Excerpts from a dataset
▶

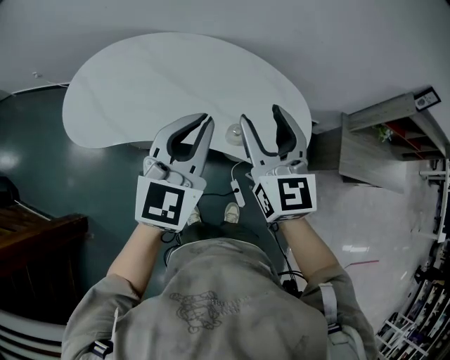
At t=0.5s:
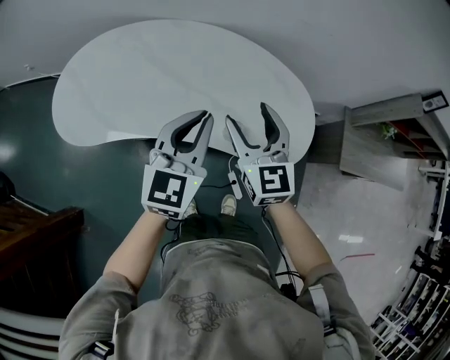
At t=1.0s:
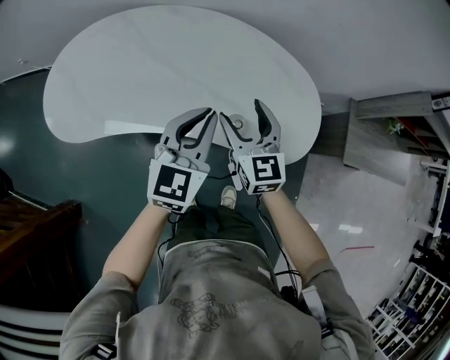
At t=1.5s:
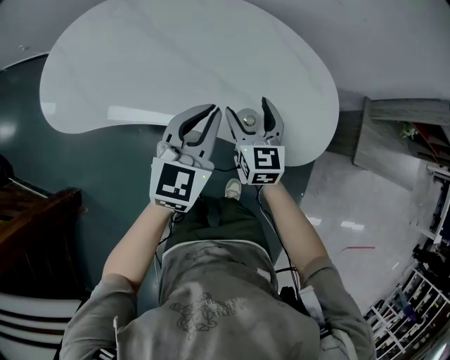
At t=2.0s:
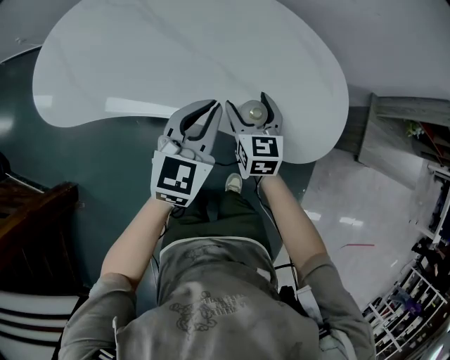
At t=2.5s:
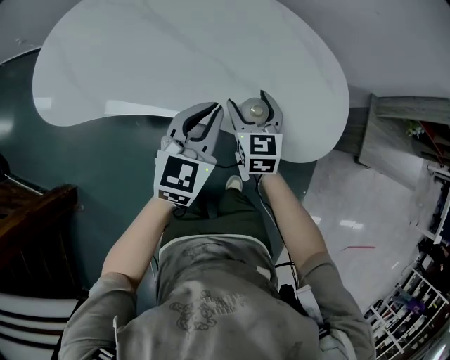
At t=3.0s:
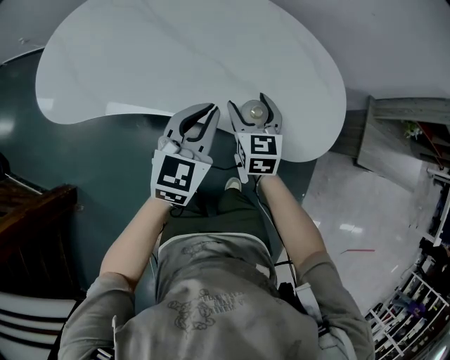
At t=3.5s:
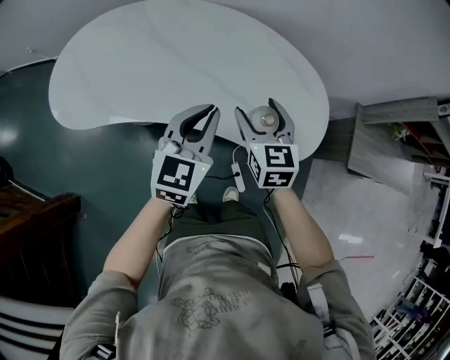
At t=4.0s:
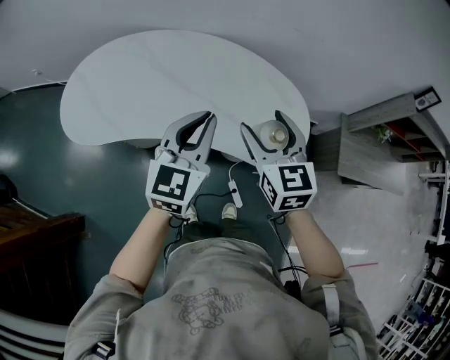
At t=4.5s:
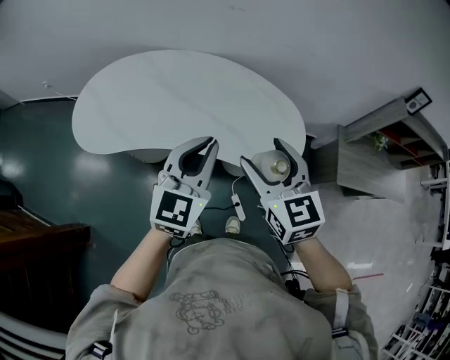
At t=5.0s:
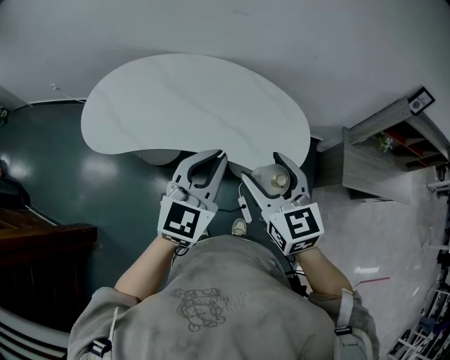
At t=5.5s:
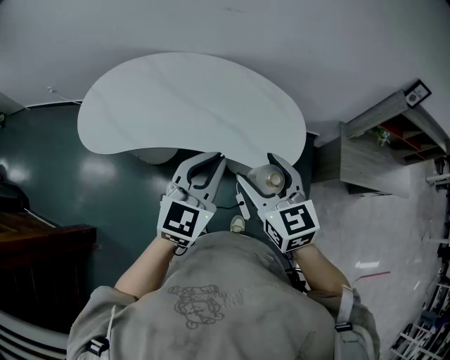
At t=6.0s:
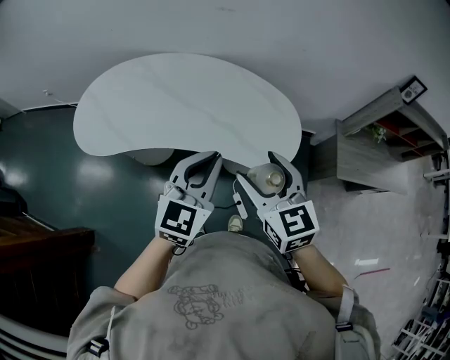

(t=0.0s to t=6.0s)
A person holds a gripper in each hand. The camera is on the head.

◀

Print the records above verbatim, minus any pictures.

At t=0.5s:
At t=1.0s:
At t=1.5s:
At t=2.0s:
At t=2.5s:
At t=3.0s:
At t=3.5s:
At t=4.0s:
At t=4.5s:
At t=5.0s:
At t=5.5s:
At t=6.0s:

(t=0.0s to t=6.0s)
A person holds a gripper in each hand. The camera is on the head.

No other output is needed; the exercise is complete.